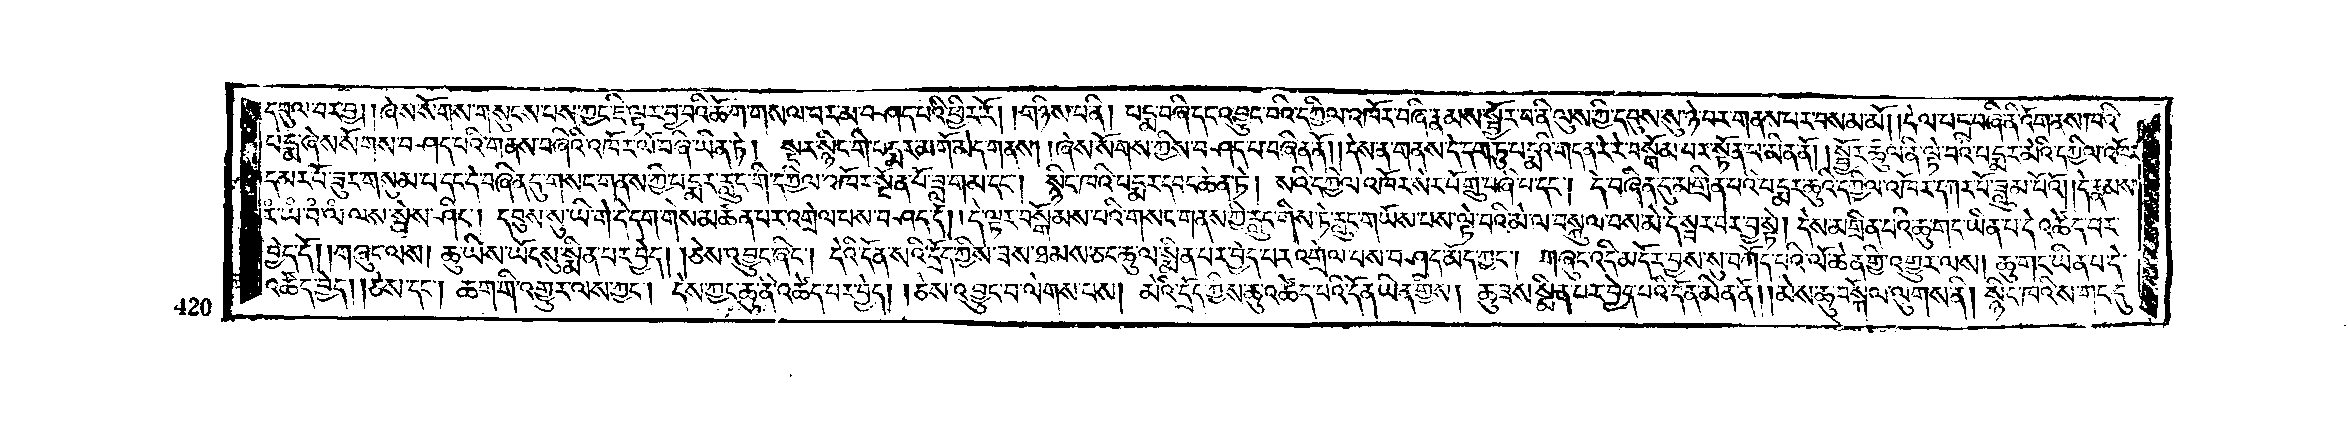དབུལ་བར་བྱ། །ཞེས་སོགས་གསུངས་པས་ཀྱང་ཇི་ལྟར་བྱ་བའི་ཆོ་ག་གསལ་བར་མ་བཤད་པའི་ཕྱིར་རོ། །གཉིས་པ་ནི། པདམ་བཞི་དང་འབྱུང་བའི་དཀྱིལ་འཁོར་བཞི་རྣམས་སྦྱོར་བ་ནི་ལུས་ཀྱི་དབུས་སུ་ཉེ་བར་གནས་པར་བསམ་མོ། །དེ་ལ་པདམ་བཞི་ནི་འོག་ནས་ཁའི་
པདམ་ཞེས་སོགས་བཤད་པའི་གནས་བཞིའི་འཁོར་ལོ་བཞི་ཡིན་ཏེ། སྔར་སྙིང་གི་པདམར་མགོ་མེད་གནས། །ཞེས་སོགས་ཀྱིས་བཤད་པ་བཞིན་ནོ། །དེས་ན་གནས་དེ་དག་ཏུ་པདམའི་གདན་རེ་རེ་བསྒོམ་པར་སྟོན་པ་མིན་ནོ། །སྦྱོར་ཚུལ་ནི་ལྟེ་བའི་པདམར་མེའི་དཀྱིལ་འཁོར་
དམར་པོ་ཟུར་གསུམ་པ་དང་དེ་བཞིན་དུ་གསང་གནས་ཀྱི་པདམར་རླུང་གི་དཀྱིལ་འཁོར་སྔོན་པོ་ཟླ་གམ་དང་། སྙིང་ཁའི་པདམར་དབང་ཆེན་ཏེ། སའི་དཀྱིལ་འཁོར་སེར་པོ་གྲུ་བཞི་པ་དང་། དེ་བཞིན་དུ་མགྲིན་པའི་པདམར་ཆུའི་དཀྱིལ་འཁོར་དཀར་པོ་ཟླུམ་པོའོ། །དེ་རྣམས་
རཾ་ཡཾ་བཾ་ལཾ་ལས་སྐྱེས་ཤིང་། དབུས་སུ་ཡི་གེ་དེ་དག་གིས་མཚན་པར་འགྲེལ་པས་བཤད་དོ། །དེ་ལྟར་བསྒོམས་པའི་གསང་གནས་ཀྱི་རླུང་གིས་ཏེ་རླུང་གཡོས་པས་ལྟེ་བའི་མེ་ལ་བསྐུལ་བས་མེ་དེ་སྦར་བར་བྱ་སྟེ། དེས་མགྲིན་པའི་ཆུ་གང་ཡིན་པ་དེ་འཚེད་པར་
བྱེད་དོ། །གཞུང་ལས། ཆུ་ཡིས་ཡོངས་སུ་སྨིན་པར་བྱེད། །ཅེས་འབྱུང་ཞིང་། དེའི་དོན་སའི་དྲོད་ཀྱིས་ཟས་ཐམས་ཅད་ཆུ་ལ་སྨིན་པར་བྱེད་པར་འགྲེལ་བས་བཤད་མོད་ཀྱང་། གཞུང་འདི་མདོར་བྱས་སུ་བཀོད་པའི་ལོ་ཆེན་གྱི་འགྱུར་ལས། ཆུ་གང་ཡིན་པ་དེ་
འཚེད་བྱེད། །ཅེས་དང་། ཆག་གི་འགྱུར་ལས་ཀྱང་། དེས་ཀྱང་ཆུ་ནི་འཚེད་པར་བྱེད། །ཅེས་འབྱུང་བ་ལེགས་པས། མེའི་དྲོད་ཀྱིས་ཆུ་འཚེད་པའི་དོན་ཡིན་གྱིས། ཆུ་ཟས་སྨིན་པར་བྱེད་པའི་དོན་མིན་ནོ། །མེས་ཆུ་བསྐོལ་ལུགས་ནི། སྙིང་ཁའི་ས་གང་དུ་
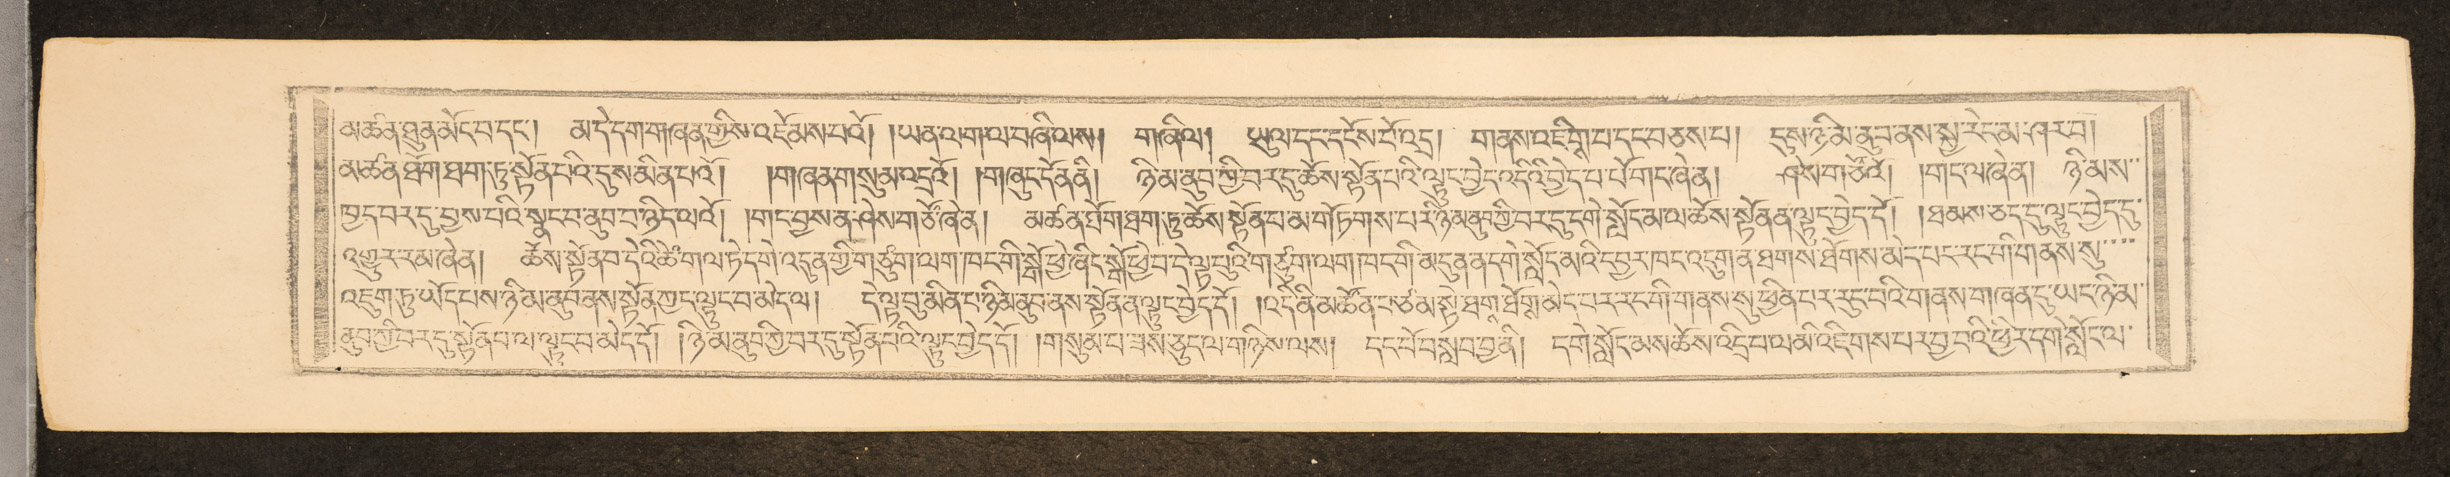མཚན་ཐུན་མོང་བ་དང་། མ་དེ་དག་གཞན་གྱིས་འཇོམས་པའོ། །ཡན་ལག་ལ་བཞི་ལས། གཞི་ལ། ཡུལ་དང་དངོས་པོ་འདྲ། གནས་འཇིགས་པ་དང་བཅས་པ། དུས་ཉི་མ་ནུབ་ནས་སྐྱ་རེང་མ་ཤར་བ།
མཚན་ཐོག་ཐག་ཏུ་སྟོན་པའི་དུས་མིན་པའོ། །གཞན་གསུམ་འདྲའོ། །གཞུང་དོན་ནི། ཉི་མ་ནུབ་ཀྱི་བར་དུ་ཆོས་སྟོན་པའི་ལྟུང་བྱེད་འདིའི་བྱེད་པ་པོ་གང་ཞེ་ན། ཤེས་གཙོའོ། །གང་ལ་ཞེ་ན། ཉི་མས་
ཁྱད་པར་དུ་བྱས་པའི་སྣང་བ་ནུབ་པ་ཉིད་ལའོ། །གང་བྱས་ན་ཤེས་གཙོ་ཞེ་ན། མཚན་ཐོག་ཐག་ཏུ་ཆོས་སྟོན་པ་མ་གཏོགས་པར་ཉི་མ་ནུབ་ཀྱི་བར་དུ་དགེ་སློང་མ་ལ་ཆོས་སྟོན་ན་ལྟུང་བྱེད་དོ། །ཐམས་ཅད་དུ་ལྟུང་བྱེད་དུ་
འགྱུར་རམ་ཞེ་ན། ཆོས་སྟོན་པ་དེའི་ཚེ་གལ་ཏེ་དགེ་འདུན་གྱི་གཙུག་ལག་ཁང་གི་སྒོ་ཕྱེ་ཞིང་སྒོ་ཕྱེ་བ་དེ་ལྟ་བུའི་གཙུག་ལག་ཁང་གི་མདུན་ན་དགེ་སློང་མའི་དབྱར་ཁང་འདུག་ན་ཐགས་ཐོགས་མེད་པར་རང་གི་གནས་སུ་
འཇུག་ཏུ་ཡོད་པས་ཉི་མ་ནུབ་ནས་སྟོན་ཀྱང་ལྟུང་བ་མེད་ལ། དེ་ལྟ་བུ་མིན་པ་ཉི་མ་ནུབ་ནས་སྟོན་ན་ལྟུང་བྱེད་དོ། །འདི་ནི་མཚོན་པ་ཙམ་སྟེ་ཐགས་ཐོགས་མེད་པར་རང་གི་གནས་སུ་ཕྱིན་པར་རུང་བའི་གནས་གཞན་དུ་ཡང་ཉི་མ་
ནུབ་ཀྱི་བར་དུ་སྟོན་པ་ལ་ལྟུང་བ་མེད་དོ། །ཉི་མ་ནུབ་ཀྱི་བར་དུ་སྟོན་པའི་ལྟུང་བྱེད་དོ། །གསུམ་པ་ཟས་ཅུང་ལ་གཉིས་ལས། དང་པོ་བསླབ་བྱ་ནི། དགེ་སློང་མས་ཆོས་འདྲི་པ་ལ་མི་འཇིགས་པར་བྱ་བའི་ཕྱིར་དགེ་སློང་ལ་
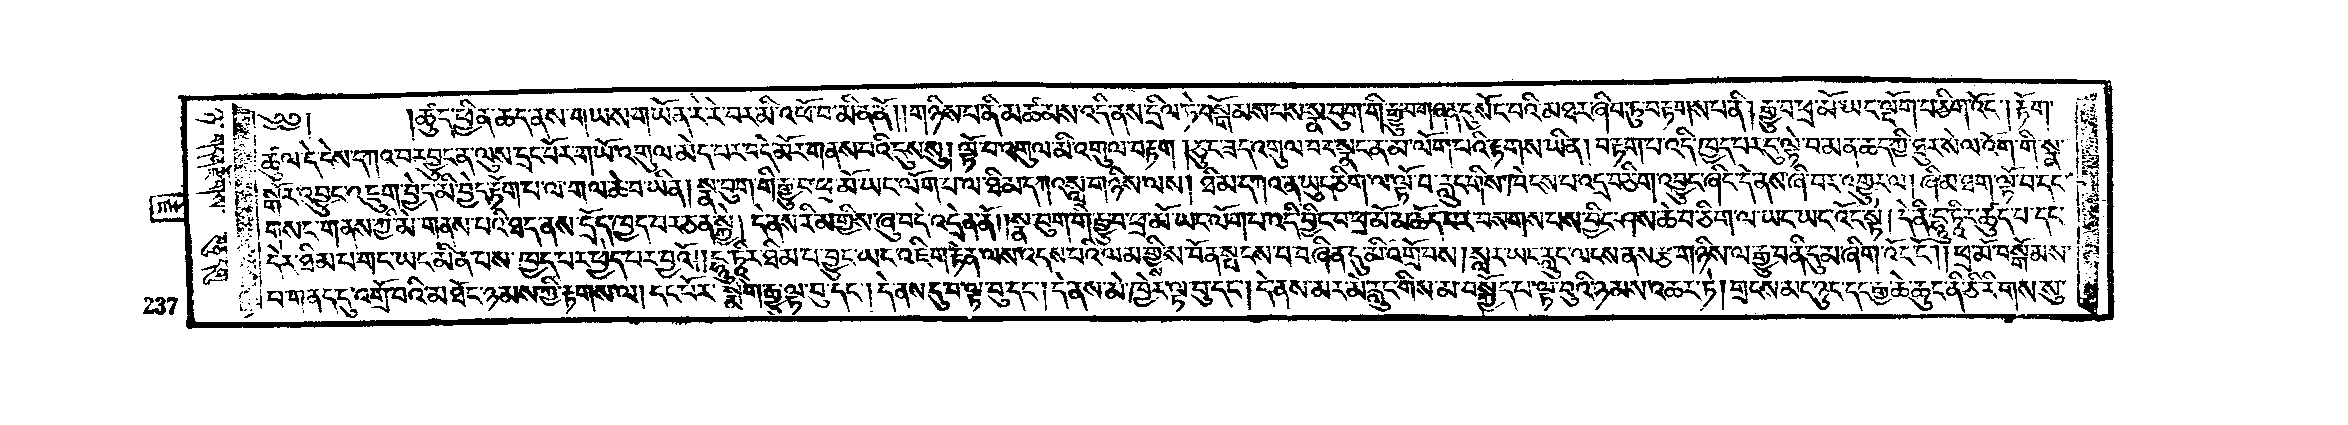༄༅། །ཚུད་ཕྱིན་ཆད་ནས་གཡས་གཡོན་རེ་རེ་བར་མི་འཕོ་བ་མིན་ནོ། །གཉིས་པ་ནི་མཚམས་འདི་ནས་དྲིལ་ཏེ་བསྒོམས་པས་སྣ་བུག་གི་རྒྱུ་བ་གཞན་དུ་སོང་བའི་མཐར་ཞིབ་ཏུ་བརྟགས་པ་ནི། རྒྱུ་བ་ཕྲ་མོ་ཡང་ལྡོག་པ་ཅིག་འོང་། རྟོག་
ཚུལ་དེ་ངེས་དཀའ་བར་བྱུང་ན་ལུས་དྲང་པོར་གཡོ་འགུལ་མེད་པར་བདེ་མོར་གནས་པའི་དུས་སུ། ལྟེ་བ་འགུལ་མི་འགུལ་བརྟག །ཅུང་ཟད་འགུལ་བར་སྣང་ན་མ་ལོག་པའི་རྟགས་ཡིན། བརྟག་པ་འདི་ཁྱད་པར་དུ་ལྟེ་བ་མན་ཆད་ཀྱི་ཐུར་སེལ་འོག་གི་སྣ་
སྒོར་འབྱུང་འཇུག་བྱེད་མི་བྱེད་རྟོག་པ་ལ་གལ་ཆེ་བ་ཡིན། སྣ་བུག་གི་རྒྱུ་བ་ཕྲ་མོ་ཡང་ལོག་པ་ལ་ཐིམ་དཀའ་སླ་གཉིས་ལས། ཐིམ་དཀའ་ན་ཡུད་ཅིག་ལ་ལྟོ་བ་རླུང་གིས་ཁེངས་པ་འདྲ་བ་ཅིག་འབྱུང་ཞིང་དེ་ནས་ཞི་བར་འགྱུར་ལ། ཞི་མ་ཐག་ལྟོ་བ་དང་
གསང་གནས་ཀྱི་མེ་གནས་པའི་ཐད་ནས་དྲོད་ཁྱད་པར་ཅན་སྐྱེ། དེ་ནས་རིམ་གྱིས་ཞུ་བདེ་འདྲེན་ནོ། །སྣ་བུག་གི་རྒྱུ་བ་ཕྲ་མོ་ཡང་ལོག་པ་འདི་བྱིང་བ་ཕྲ་མོ་མཆོད་པར་བསགས་པས་བྱིང་ཤས་ཆེ་བ་ཅིག་ལ་ཡང་ཡང་འོང་སྟེ། དེ་ནི་དྷཱུ་ཏཱིར་ཚུད་པ་དང་
དེར་ཐིམ་པ་གང་ཡང་མིན་པས་ཁྱད་པར་ཕྱེད་པར་བྱའོ། །དྷཱུ་ཏཱིར་ཐིམ་པ་བྱུང་ཡང་འཇིག་རྟེན་ལས་འདས་པའི་ལམ་གྱིས་ས་བོན་སྤངས་པ་བཞིན་དུ་མི་འགྲོ་བས། སླར་ཡང་རླུང་ལངས་ནས་རྩ་གཉིས་ལ་རྒྱུ་བ་ནི་དུ་མ་ཞིག་འོང་ངོ། །ཕྲ་མོ་བསྒོམས་
པ་གནད་དུ་འགྲོ་བའི་མཐོང་ཉམས་ཀྱི་རྟགས་ལ། དང་པོར་སྨིག་རྒྱུ་ལྟ་བུ་དང་། དེ་ནས་དུ་བ་ལྟ་བུ་དང་། དེ་ནས་མེ་ཁྱེར་ལྟ་བུ་དང་། དེ་ནས་མར་མེ་རླུང་གིས་མ་བསྐྱོད་པ་ལྟ་བུའི་ཉམས་འཆར་ཏེ། གྲངས་མང་ཉུང་དང་རྒྱ་ཆེ་ཆུང་ནི་ཅི་རིགས་སུ་

────────────────────────────────────────

## WORK TASK
Pull out the lines above in which the word "པདམར" appears.

## RESPONSE BELOW
པདམ་ཞེས་སོགས་བཤད་པའི་གནས་བཞིའི་འཁོར་ལོ་བཞི་ཡིན་ཏེ། སྔར་སྙིང་གི་པདམར་མགོ་མེད་གནས། །ཞེས་སོགས་ཀྱིས་བཤད་པ་བཞིན་ནོ། །དེས་ན་གནས་དེ་དག་ཏུ་པདམའི་གདན་རེ་རེ་བསྒོམ་པར་སྟོན་པ་མིན་ནོ། །སྦྱོར་ཚུལ་ནི་ལྟེ་བའི་པདམར་མེའི་དཀྱིལ་འཁོར་
དམར་པོ་ཟུར་གསུམ་པ་དང་དེ་བཞིན་དུ་གསང་གནས་ཀྱི་པདམར་རླུང་གི་དཀྱིལ་འཁོར་སྔོན་པོ་ཟླ་གམ་དང་། སྙིང་ཁའི་པདམར་དབང་ཆེན་ཏེ། སའི་དཀྱིལ་འཁོར་སེར་པོ་གྲུ་བཞི་པ་དང་། དེ་བཞིན་དུ་མགྲིན་པའི་པདམར་ཆུའི་དཀྱིལ་འཁོར་དཀར་པོ་ཟླུམ་པོའོ། །དེ་རྣམས་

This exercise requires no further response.